Group III: genes whose expression is decreased under anaerobic conditions and whose repression is partially FNR dependent.

Transcript levels of 55 genes (Fig. 2) were decreased in wild-type strain MG1655 under anaerobic growth conditions compared to aerobic conditions. Furthermore, in a strain lacking FNR, transcript levels were increased, although not always to the same level found in aerobic growth conditions. These data suggest that factors, in addition to FNR, repress these genes.

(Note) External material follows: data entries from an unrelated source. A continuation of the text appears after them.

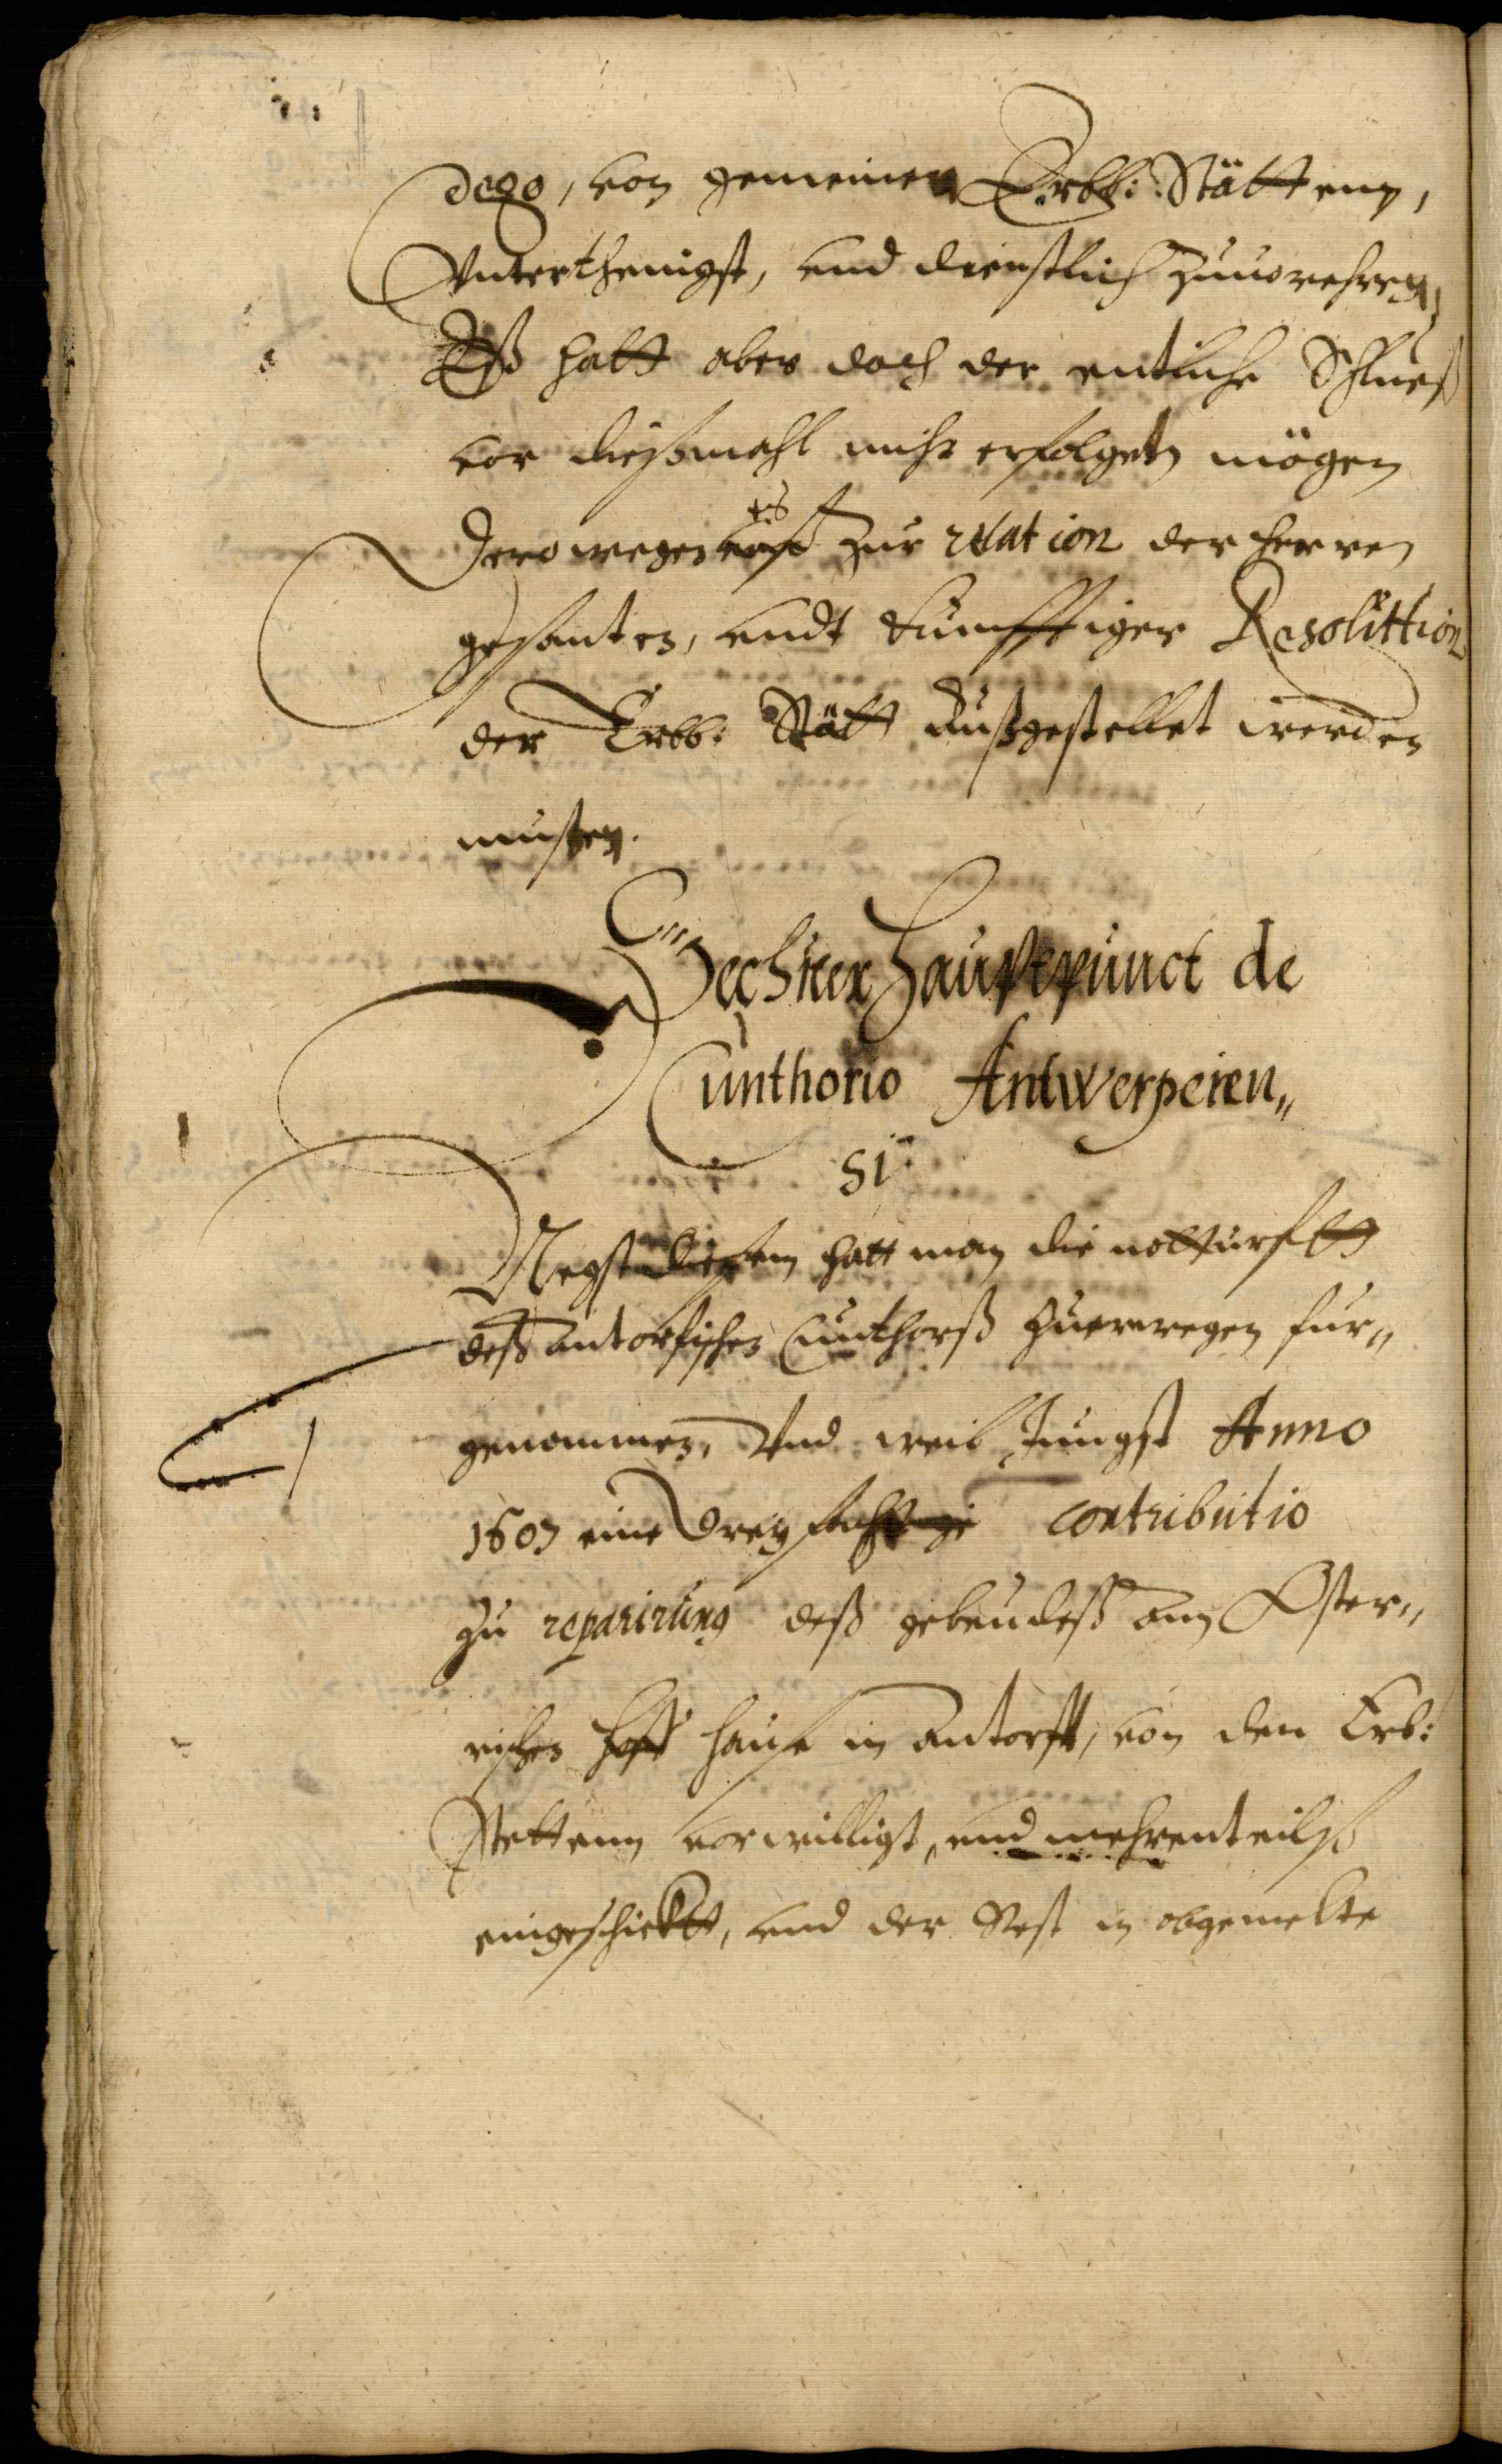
dego, von gemeinen Erbb: Stättenn,
vnterthenigst, vnd dienstlich zuuorehren,
Eß hatt aber doch der entliche Schlueß
vor dießmahl nicht erfolgen mögen
dero wegen es vorß zur relation der herren
gesanten, vndt Kunfftiger Resolution
der Erbb: Stätt Außgestellet werden
mußten.
Sechster Hauptpunct de
Cunthorio Antwerpeien¬
si:
Negst diesem hatt man die notturftt
deß Antorfischen Cunthorß zuerwegen fur¬
genommen, vnd weil Jungst Anno
1607 eine dreijfachtge contributio
zu reparirung deß gebraucheß Am Oster¬
rischen hoff hause in Antorff, von den Erb:
Stettenn vorwilligt, vnd mehrenteilß
eingeschicktt, vnd der Rest in obgemelte
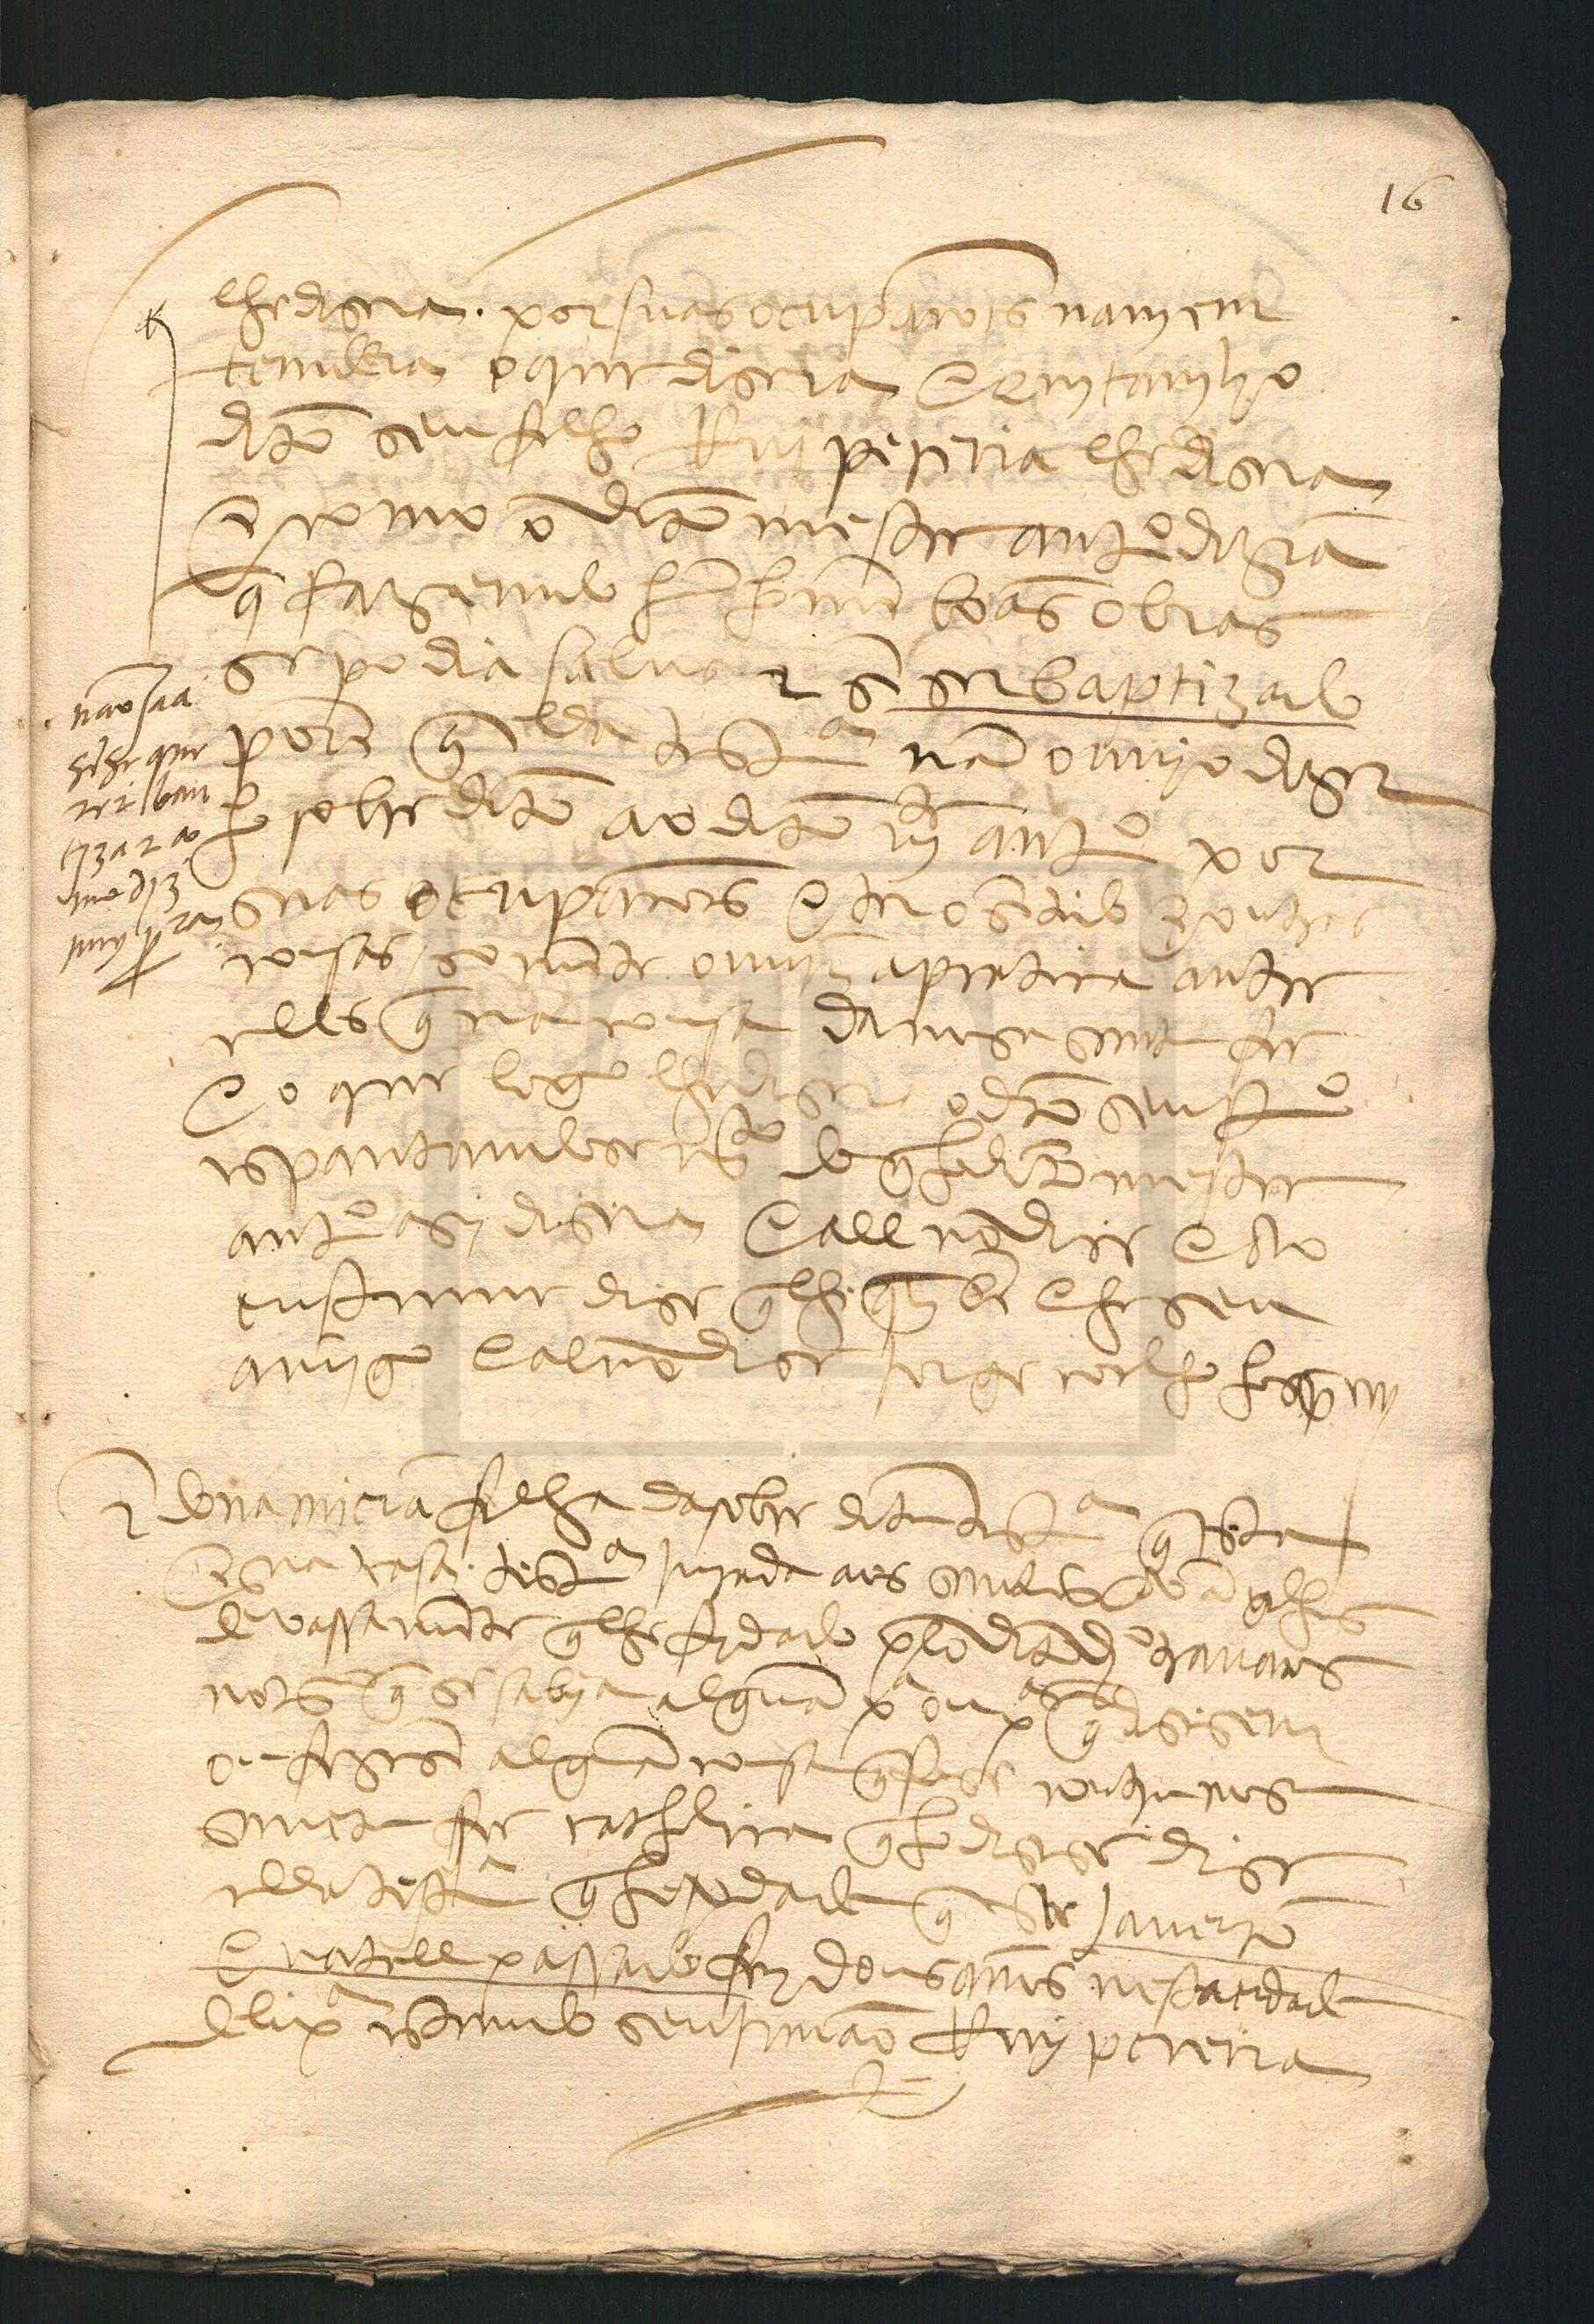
16
lhe disera. por suas ocupacões nam em
temdera o que disera e emtam ho
dit̄o seu filho Ruj pereira lhe disera
ē como o dit̄o mestre anto dizia
q̄ fazendo hū homē boās obras
se podia saluar sē ser baptizado
porē q̄ ella testa nā ouujo dizer
ho sobredit̄o ao dit̄o mte anto por
suas ocupacões e ter o sētido ē outras
cousas / somēte ouujr a pratica antre
elles q̄ era cousa da nosa samta fee
e o que logo lhe disera o dt̄o seu fo
espantamdose mto do q̄ ho dt̄o mestre
anto asy disera e all nō dise e Ao
custume dise q̄ lhe q̄r bē e he seu
amjgo e al n̄o dise Jorge coelho ho sp̄evy
item dona miçia filha da sobre dit̄a testa q̄ esta
ē sua casa. testa Jurada aos samtos evāgelhos
devassamēte q̄ lhe foy dado p̄lo dit̄o djo trauacos
notro q̄ se sabya algūa pa ou pas q̄ disesem
ou fezesē algūa cousa q̄ fose contra nosa
sancta ffee catholica q̄ ho disese dise
ella testa q̄ he ꝟdade q̄ este Janeiro
e natall passado fez dous an̄os nesta cidade
de lixa estamdo seu Jrmão Ruy pereira
não Jaa
sē se que
rer bau
tjzar co
mo djz
ruy ꝑra

The majority of the genes in this group have known “aerobic” functions, providing a rationale for their repression under anaerobic conditions. Several gene products function in facilitating energy production under aerobic conditions (TCA cycle, aerobic respiration, etc.) and include the enzymes of the TCA cycle (gltA, acnB, icdA, sucABCD, lpdA, sdhCDAB, fumA, mdh, and mqo) (29), glyoxylate bypass (aceA) (6), cytochrome oxidase (cyoABCDE) (57), and aldehyde dehydrogenase (aldA) (68). Previous studies have shown that the expression of these genes is reduced under anaerobic conditions. In addition, the expression of cyoABCDE (18), sucABCD, sdhCDAB (63), sodA (31), tpx (41), fumA (65), and icdA (15) was shown to be negatively regulated by both FNR and ArcA under anaerobic conditions. ArcA and not FNR has previously been shown to negatively regulate gltA (66), acnB (20), lpdA (21), mdh (64), mqo (95), and aldA (68). Since FNR has also been reported to enhance arcA expression under anaerobic conditions (although this result was not observed in our studies), it raises the question of whether the effects of FNR observed with this group are all direct. Nevertheless, the ScanAce algorithm predicted that mdh, mqo, gltA, aldA, and icdA have at least one FNR site. Thus, these data indicate an interesting but complex relationship between FNR and ArcA in controlling the expression of genes in group III.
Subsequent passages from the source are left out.